Haven't fished those reservoirs. I've fished Charles mill and alum. Other than the jet skiers cm is a very peaceful reservoir. Alum is...well....a joke (or funhouse if you prefer). Cm is 2.5x smaller than alum. There have been recent boating deaths at alum due to recklessness. I just don't want cm turning into alum.


----------



## viper1 (Apr 13, 2004)

Email is sent. Im totaly in line with you. I think speed limit is the way to go not HP. They started opening lakes that were 9.9 to unlimited already and Ive heard no complaints yet.


----------



## Steeg (Nov 12, 2010)

Viper1, RonT and Hatchetman, Thanks for the support! This would definitely benefit everyone. JamesT, I have to wonder if you are talking about Charles Mill Lake in Richland and Ashland Counties. I have fished Charles Mill for almost 40 years and I am yet to see a jet-ski on Charles Mill. Remember, Charles Mill is currently a 9.9 hp lake. I know of no jet-skis that are this low of horsepower. You also make the statement you don't want Charles Mill to turn into an Alum Creek. What part of no wake do you not understand? I will restate what is trying to be accomplished; unlimited horsepower and "no wake" on anything over 9.9 hp. This has worked on other lakes and I know it will work on Charles Mill.


----------



## froggtogg (May 10, 2009)

tough decesion. the 9.9 boys have had control of these lakes for a long time and are happy! Now some want to go umlimited hp and impose a speed limit. I really have a hard time making up my mind about this. just a thought, but maybe unlimited hp and a speed limit of 25 mph, with no wake zones and no personal watercraft or waterskings on what is considered a 9.9 lake now. I could go for this and I think maybe everyone will be happy. lol. just to let you know I have a 150 hp boat and a 9.9 in the garage so I can swing either way. It would be nice to have only one boat though. Frogg


----------



## JamesT (Jul 22, 2005)

Well I was getting my reservoirs mixed up. I was thinking pleasant hill, not Charles mill. 

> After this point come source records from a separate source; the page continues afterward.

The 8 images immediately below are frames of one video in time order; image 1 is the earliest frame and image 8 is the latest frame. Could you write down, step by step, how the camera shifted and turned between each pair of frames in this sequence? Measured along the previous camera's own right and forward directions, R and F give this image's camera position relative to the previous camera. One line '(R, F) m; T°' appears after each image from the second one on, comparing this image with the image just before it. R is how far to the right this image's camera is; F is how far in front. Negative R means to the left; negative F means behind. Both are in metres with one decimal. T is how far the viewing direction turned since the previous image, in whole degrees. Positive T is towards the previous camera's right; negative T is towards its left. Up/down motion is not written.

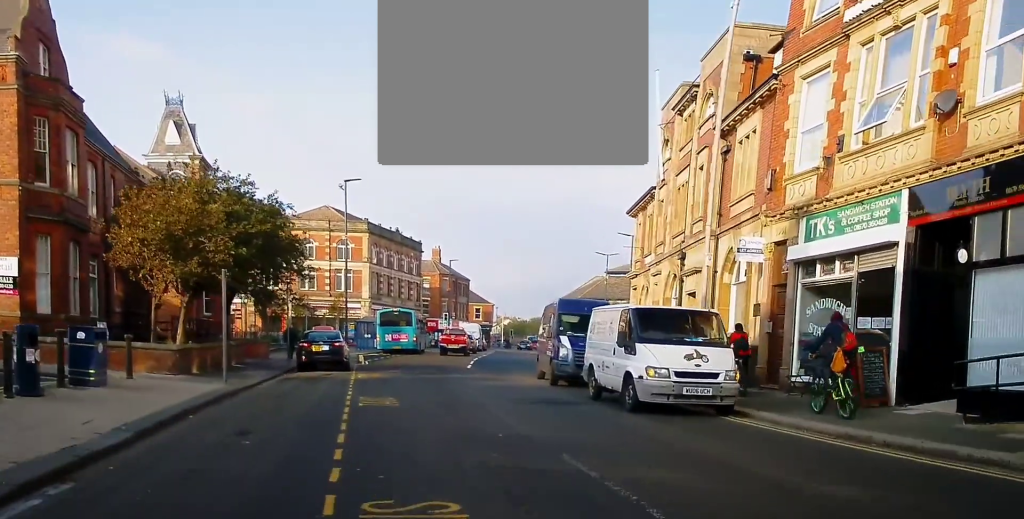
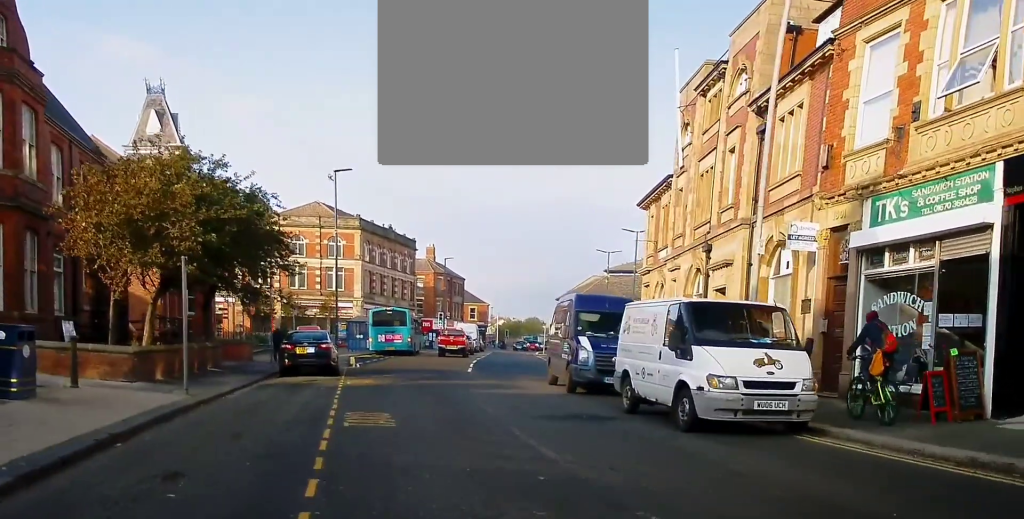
(-0.3, +2.7) m; -1°
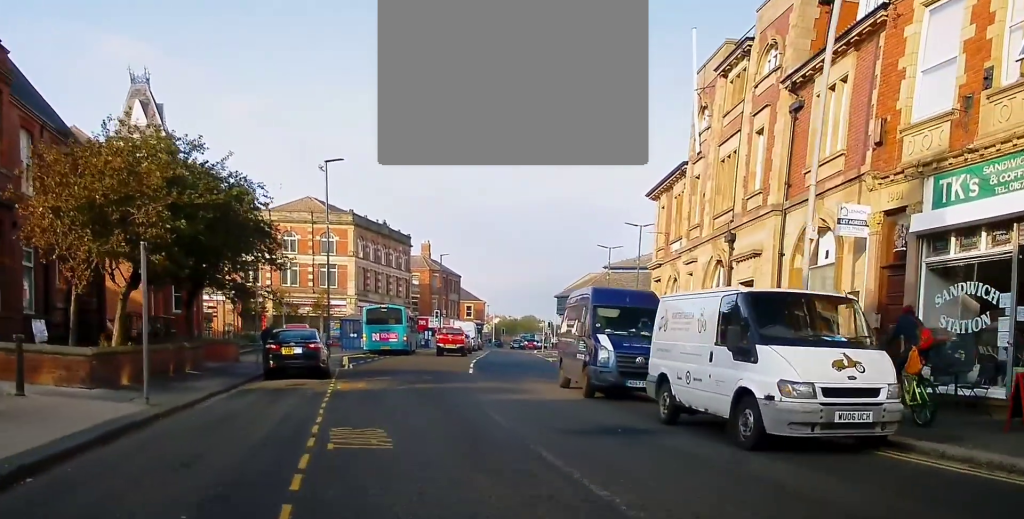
(-0.2, +2.2) m; -1°
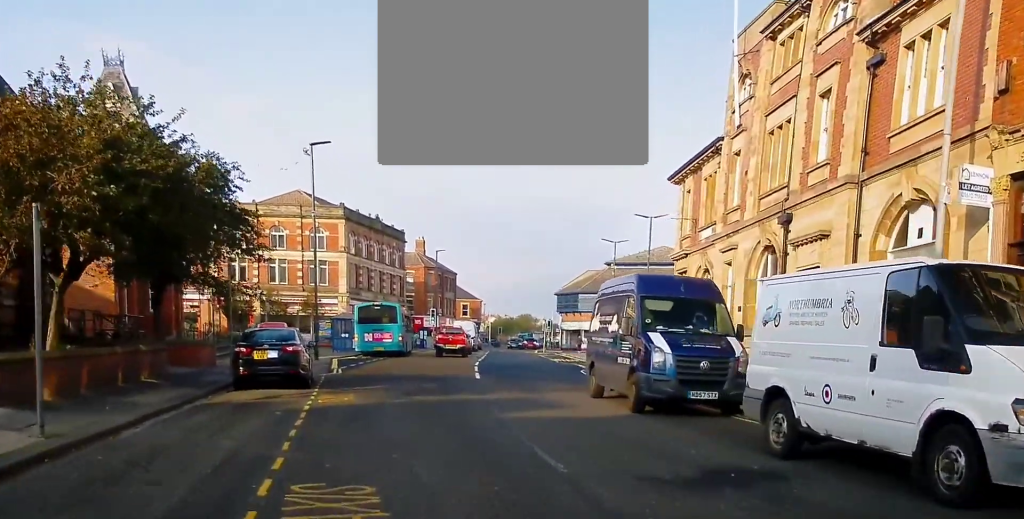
(+0.4, +3.6) m; 0°
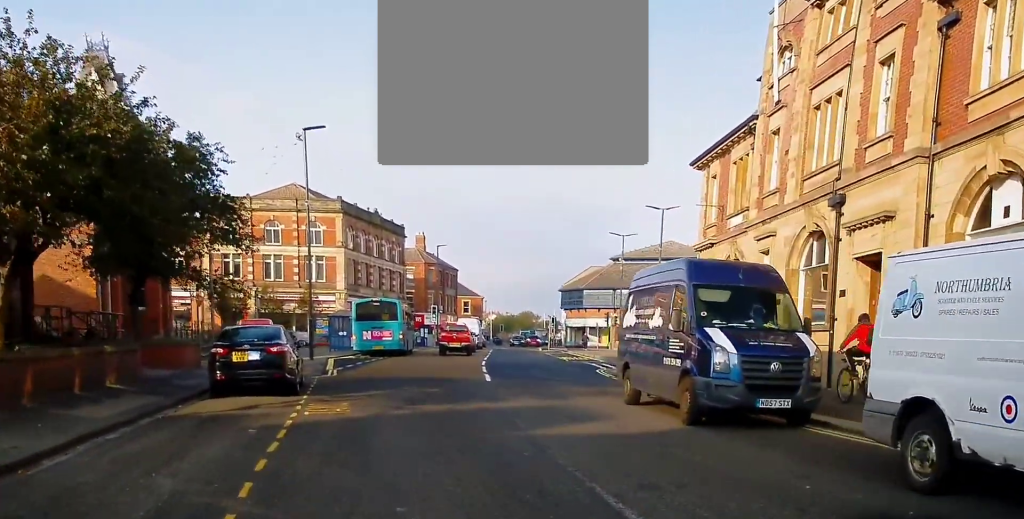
(0.0, +2.5) m; -2°
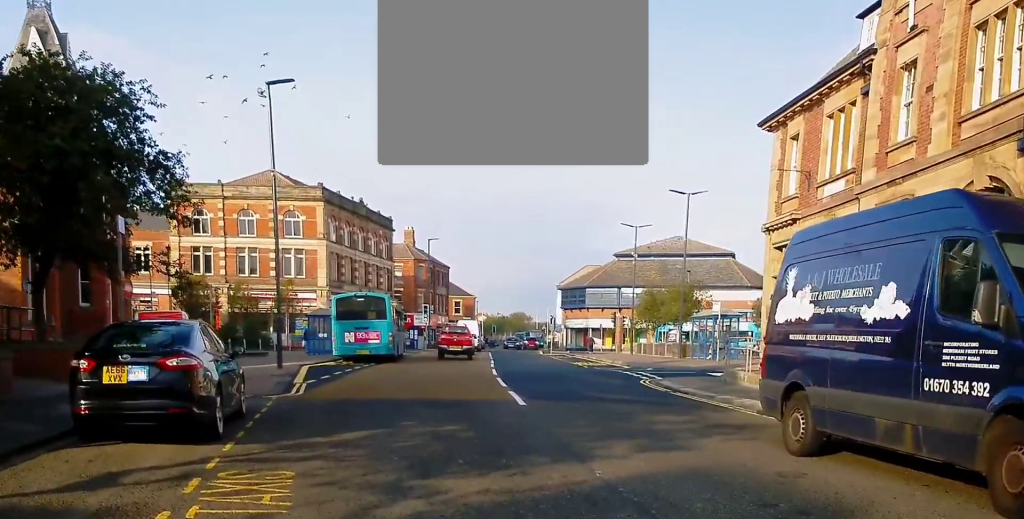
(-0.5, +6.8) m; 0°
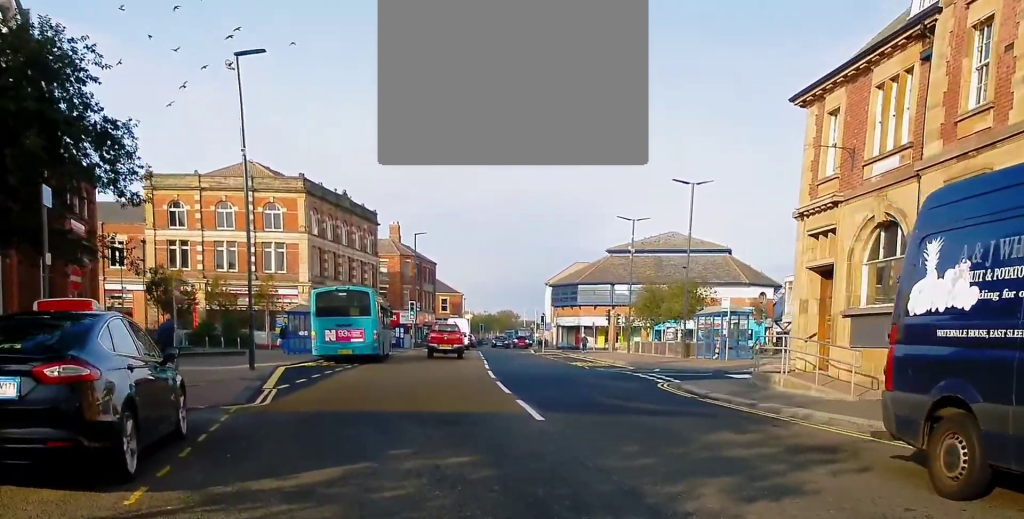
(+0.1, +2.9) m; +2°
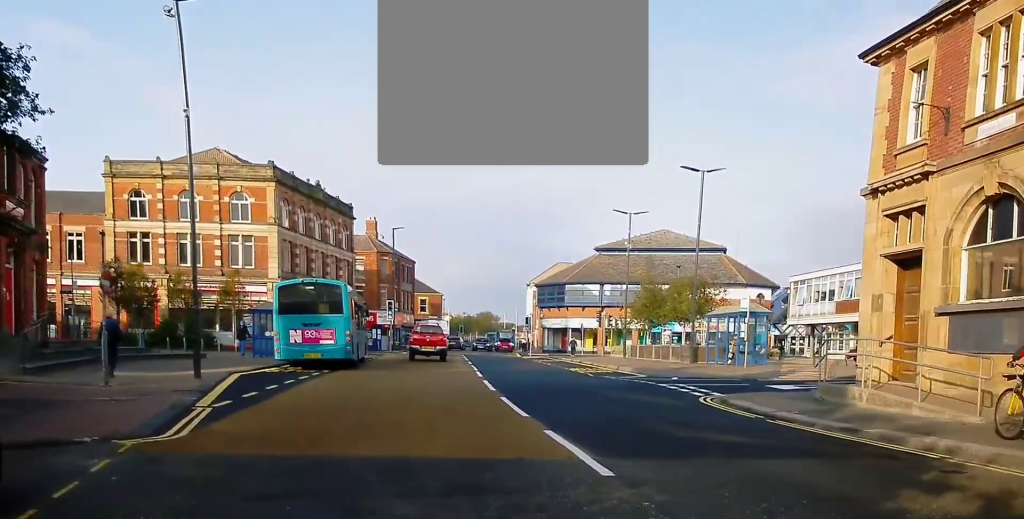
(+0.3, +4.6) m; +1°

My opinion would depend on if I could take my canoe to an unlimited hp/no wake reservoir and not get pissed off bc of people breaking the rules.


----------



## Steeg (Nov 12, 2010)

Hey JamesT, although you will always have some idiot that has to try to ruin it for everyone, I don't think you would have to worry taking your canoe on Charles Mill Lake. The biggest part of the lake is really shallow with scattered stumps. Unless a person really knows the lake, they would be taking a huge risk of tearing up their boat and or getting hurt, trying speed around the lake. It is a very nice lake. If we make it no wake, it will stay that way. BTW- Charles Mill Lake is approx. 1100 acres. Pleasant Hill is 850 acres.


----------



## JamesT (Jul 22, 2005)

I noticed the difference in acreage of PH and CM and that PH is unlimited. I've fished PH 3-4 times in my canoe and like I said earlier it was very peaceful other than the jetskies but they weren't breaking any rules so so be it. That is a beautiful area, I even caught a pike in the nearby KOA campground pond lol. I also was unaware that unlimited HP/no wake existed. So sorry for my premature posts since I have no experience to base the comments on. I mostly fish Alum and I think it is the biggest "funhouse" in all of Ohio. Rules do need to be enforced of course. Good luck. I do see your point of view.


----------



## fished-out (Dec 20, 2005)

JamesT said:


> I noticed the difference in acreage of PH and CM and that PH is unlimited. I've fished PH 3-4 times in my canoe and like I said earlier it was very peaceful other than the jetskies but they weren't breaking any rules so so be it. That is a beautiful area, I even caught a pike in the nearby KOA campground pond lol. I also was unaware that unlimited HP/no wake existed. So sorry for my premature posts since I have no experience to base the comments on. I mostly fish Alum and I think it is the biggest "funhouse" in all of Ohio. Rules do need to be enforced of course. Good luck. I do see your point of view.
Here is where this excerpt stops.